> _Exercise requirements_
Images appear in the records below; leave them out and repeat everything else exactly.

*** Excerpted data ***

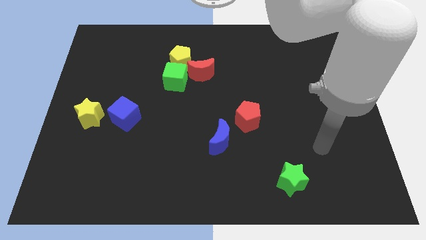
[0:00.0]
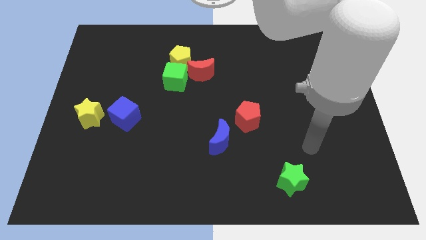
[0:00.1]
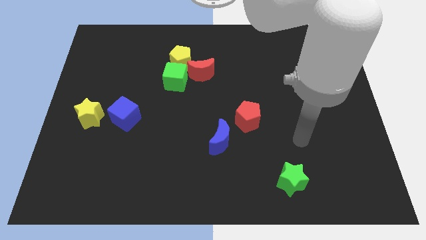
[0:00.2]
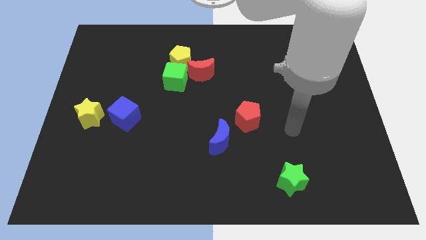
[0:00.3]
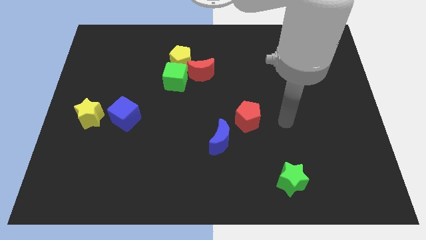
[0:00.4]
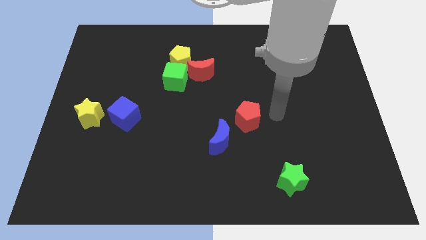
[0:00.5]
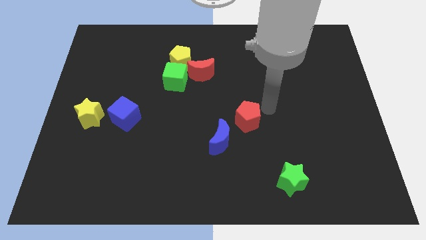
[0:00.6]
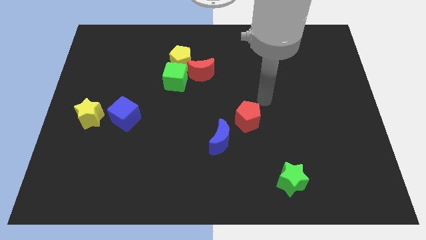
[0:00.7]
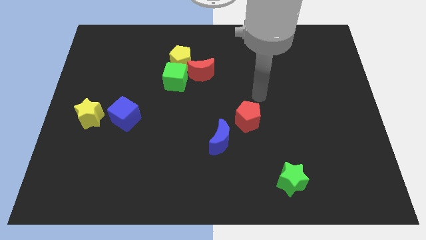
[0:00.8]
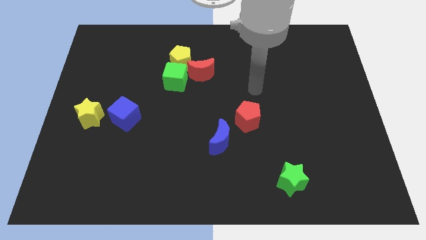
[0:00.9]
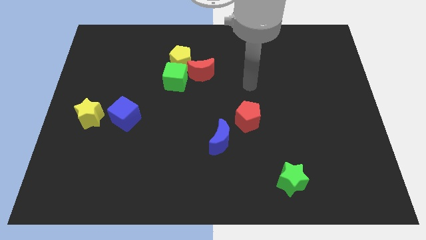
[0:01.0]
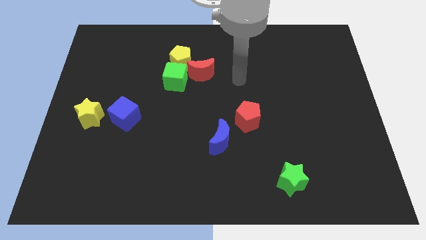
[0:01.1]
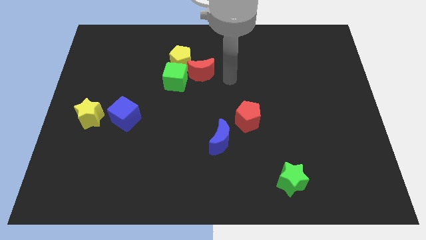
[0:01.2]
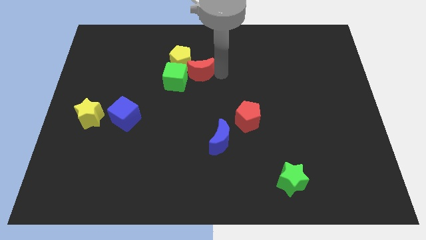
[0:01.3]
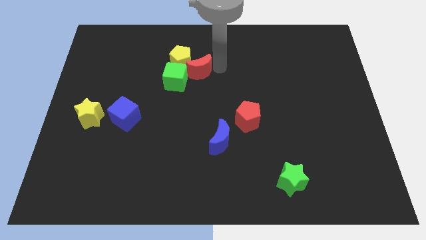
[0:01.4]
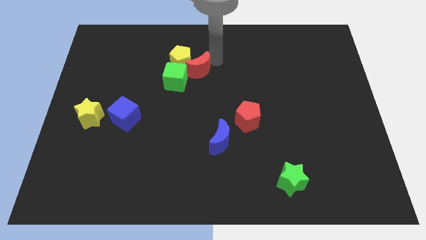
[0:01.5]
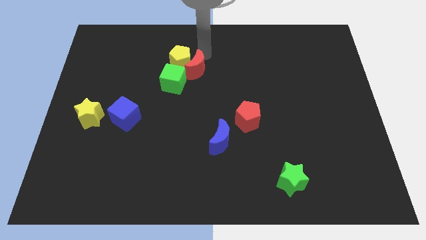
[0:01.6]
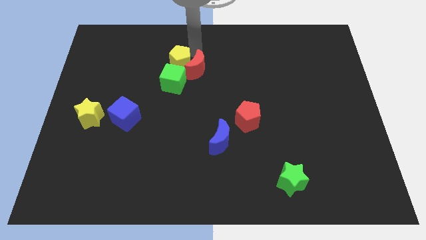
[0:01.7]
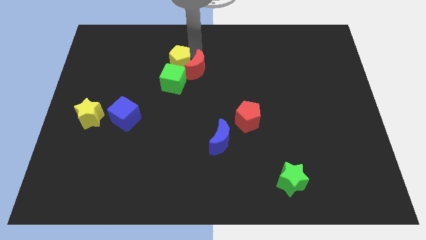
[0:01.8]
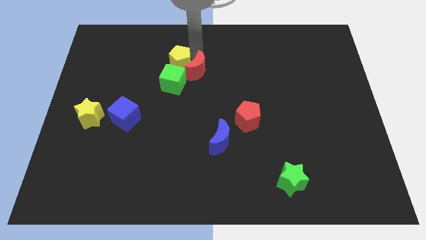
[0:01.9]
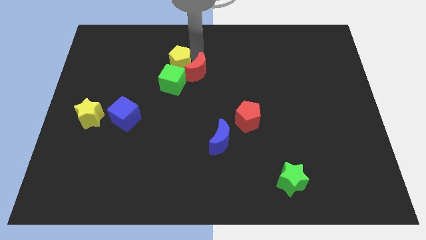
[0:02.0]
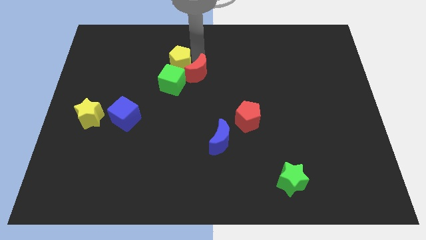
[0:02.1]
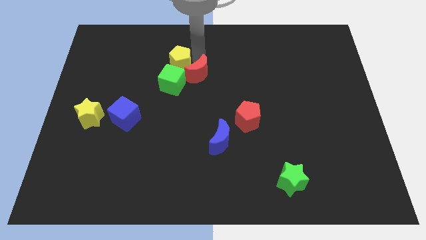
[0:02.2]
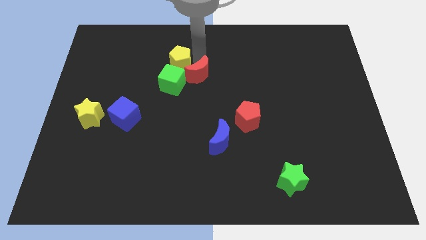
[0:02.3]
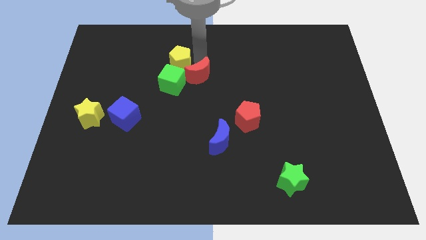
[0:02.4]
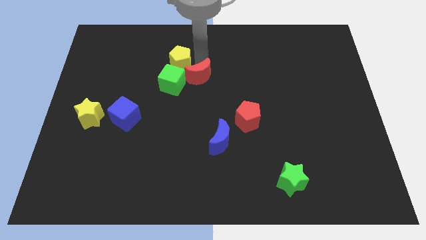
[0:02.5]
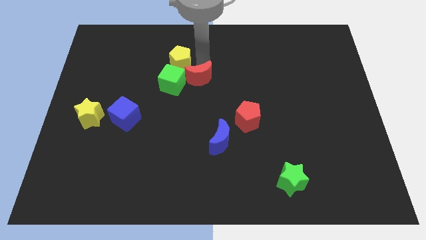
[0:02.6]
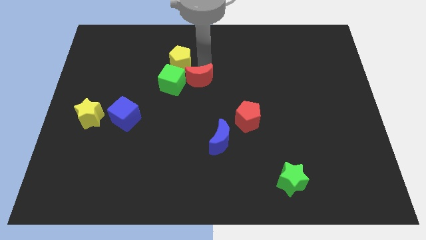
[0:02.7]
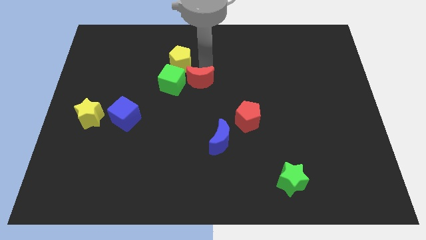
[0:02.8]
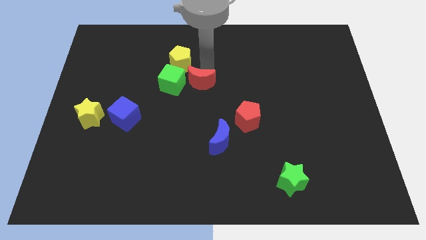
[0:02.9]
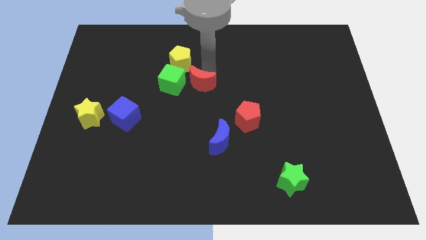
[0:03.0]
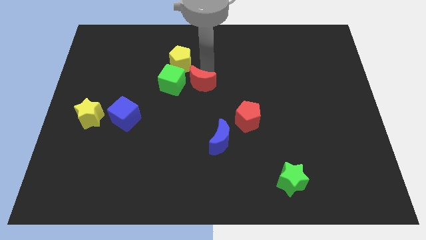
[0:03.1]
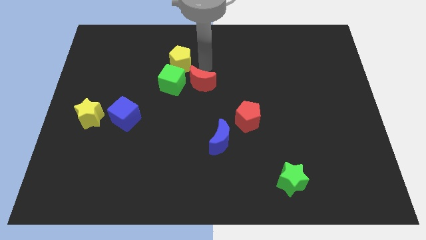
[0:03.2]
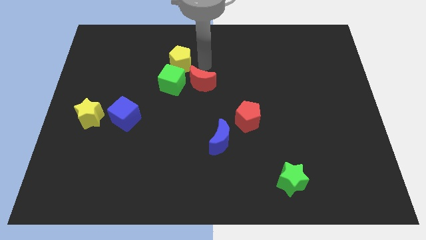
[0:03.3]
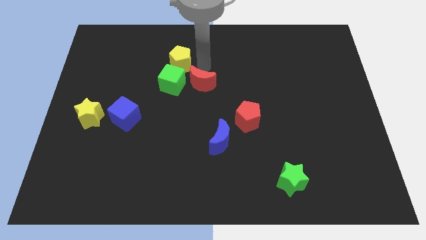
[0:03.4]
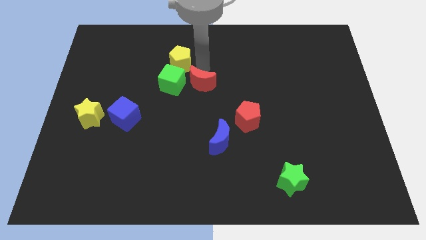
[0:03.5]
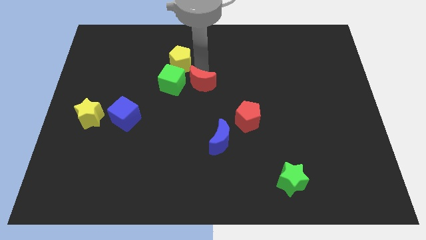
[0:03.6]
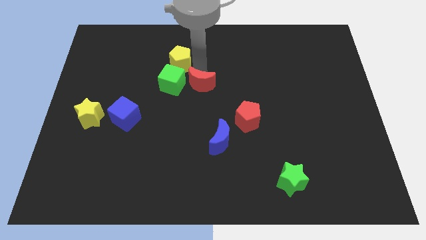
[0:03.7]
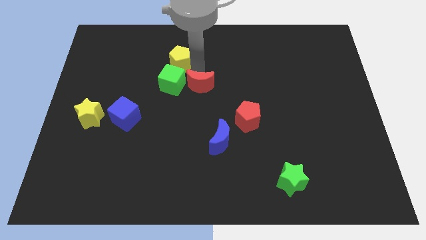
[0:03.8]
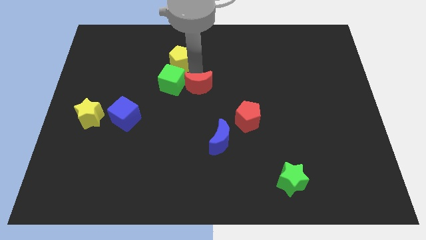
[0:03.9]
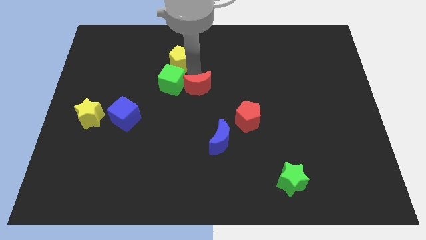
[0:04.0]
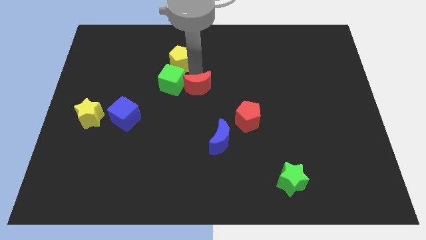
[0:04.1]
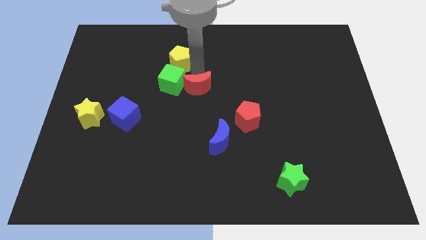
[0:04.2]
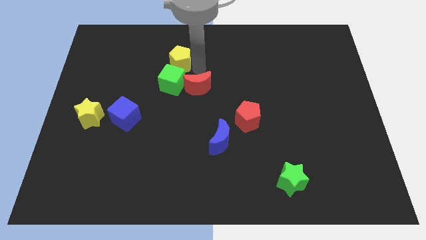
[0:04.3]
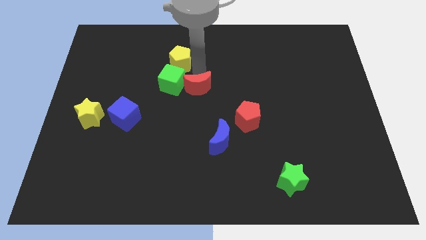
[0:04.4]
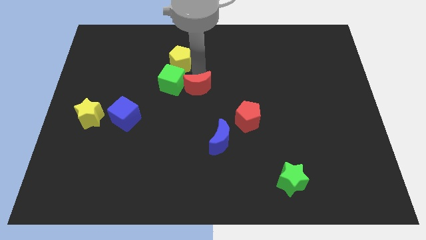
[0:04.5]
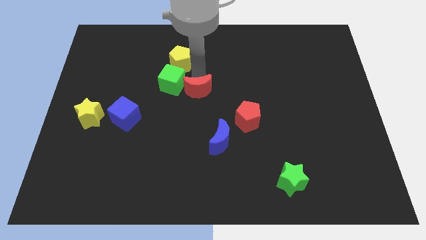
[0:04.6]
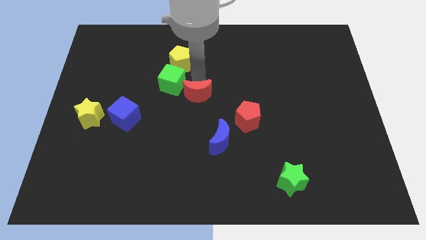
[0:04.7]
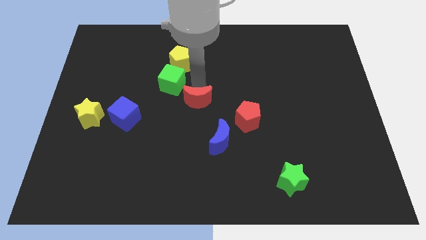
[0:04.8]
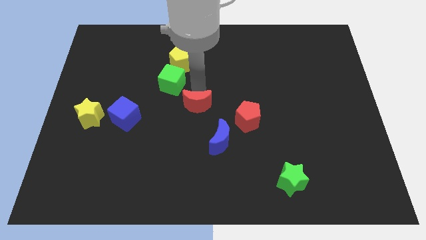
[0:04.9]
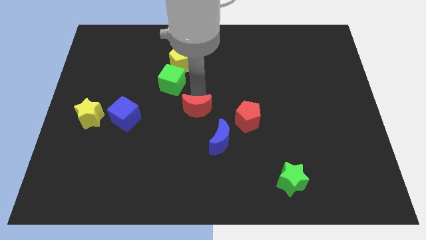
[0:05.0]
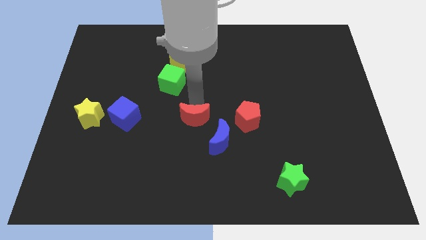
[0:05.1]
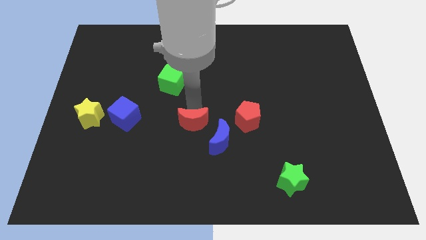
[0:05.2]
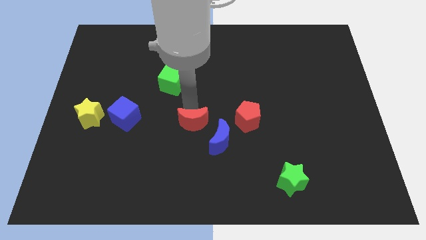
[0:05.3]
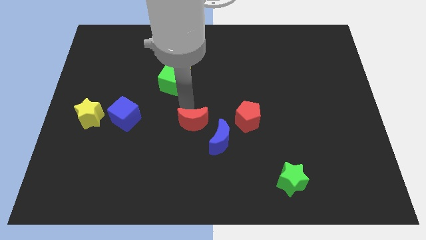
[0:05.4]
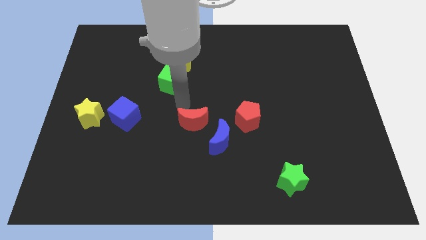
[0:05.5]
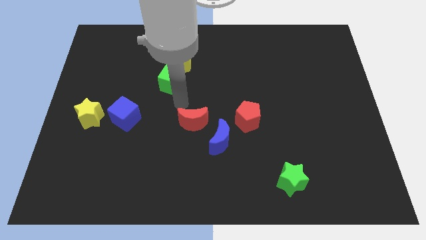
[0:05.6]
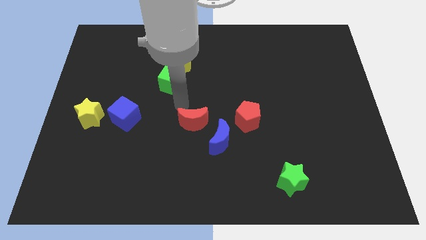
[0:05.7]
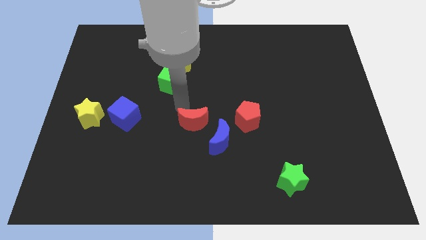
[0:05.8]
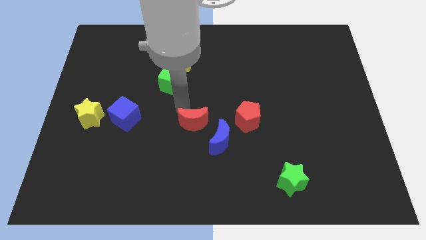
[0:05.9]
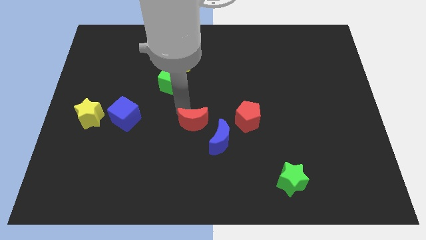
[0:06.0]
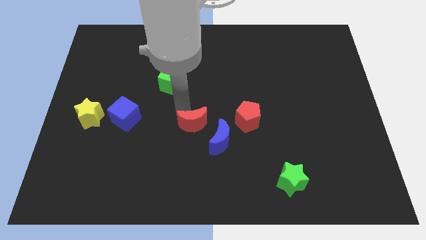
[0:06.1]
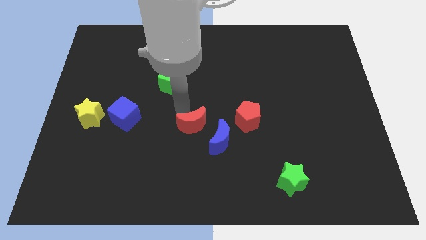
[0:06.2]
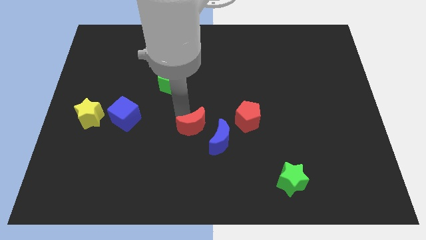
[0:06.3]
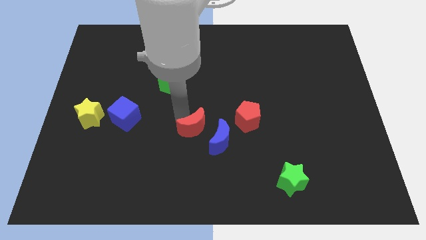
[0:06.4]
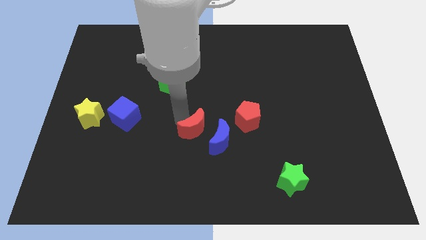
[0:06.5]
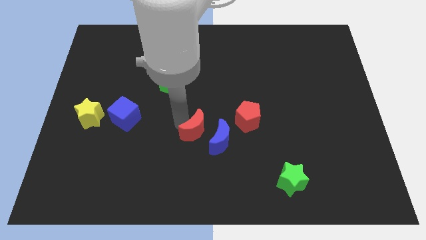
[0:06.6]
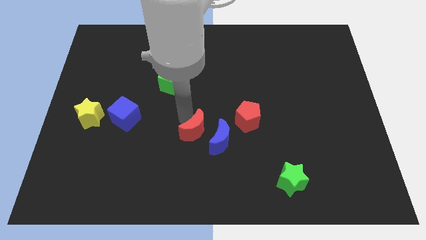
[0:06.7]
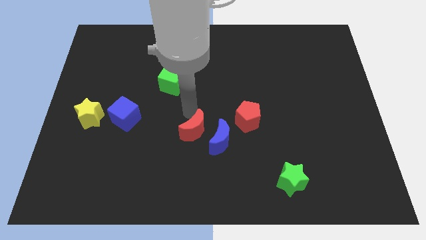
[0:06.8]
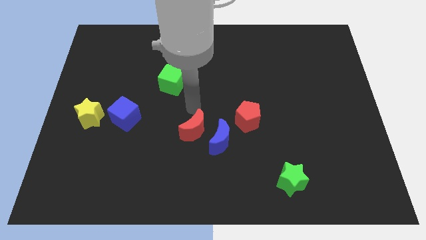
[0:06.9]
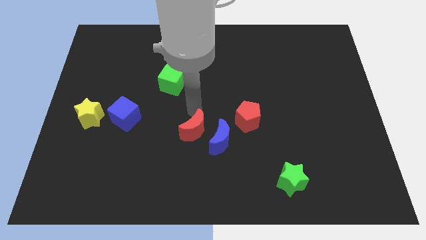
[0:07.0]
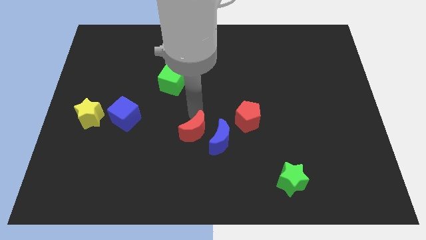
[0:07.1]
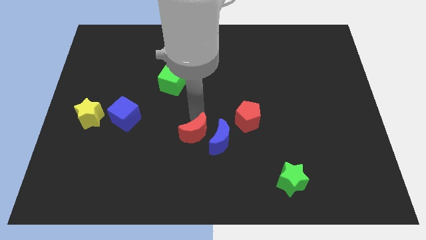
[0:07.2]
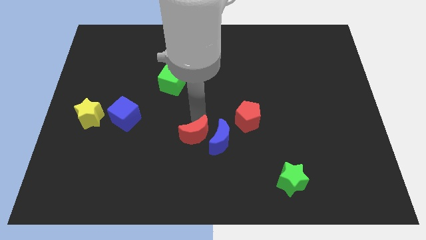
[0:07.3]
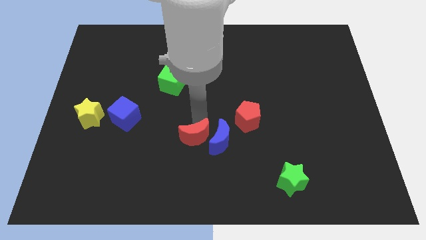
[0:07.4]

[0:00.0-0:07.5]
move the red moon to the bottom left side of the blue moon

*** End of Excerpted data ***

> _Expected answer_
[0:00.0]
[0:00.1]
[0:00.2]
[0:00.3]
[0:00.4]
[0:00.5]
[0:00.6]
[0:00.7]
[0:00.8]
[0:00.9]
[0:01.0]
[0:01.1]
[0:01.2]
[0:01.3]
[0:01.4]
[0:01.5]
[0:01.6]
[0:01.7]
[0:01.8]
[0:01.9]
[0:02.0]
[0:02.1]
[0:02.2]
[0:02.3]
[0:02.4]
[0:02.5]
[0:02.6]
[0:02.7]
[0:02.8]
[0:02.9]
[0:03.0]
[0:03.1]
[0:03.2]
[0:03.3]
[0:03.4]
[0:03.5]
[0:03.6]
[0:03.7]
[0:03.8]
[0:03.9]
[0:04.0]
[0:04.1]
[0:04.2]
[0:04.3]
[0:04.4]
[0:04.5]
[0:04.6]
[0:04.7]
[0:04.8]
[0:04.9]
[0:05.0]
[0:05.1]
[0:05.2]
[0:05.3]
[0:05.4]
[0:05.5]
[0:05.6]
[0:05.7]
[0:05.8]
[0:05.9]
[0:06.0]
[0:06.1]
[0:06.2]
[0:06.3]
[0:06.4]
[0:06.5]
[0:06.6]
[0:06.7]
[0:06.8]
[0:06.9]
[0:07.0]
[0:07.1]
[0:07.2]
[0:07.3]
[0:07.4]

[0:00.0-0:07.5]
move the red moon to the bottom left side of the blue moon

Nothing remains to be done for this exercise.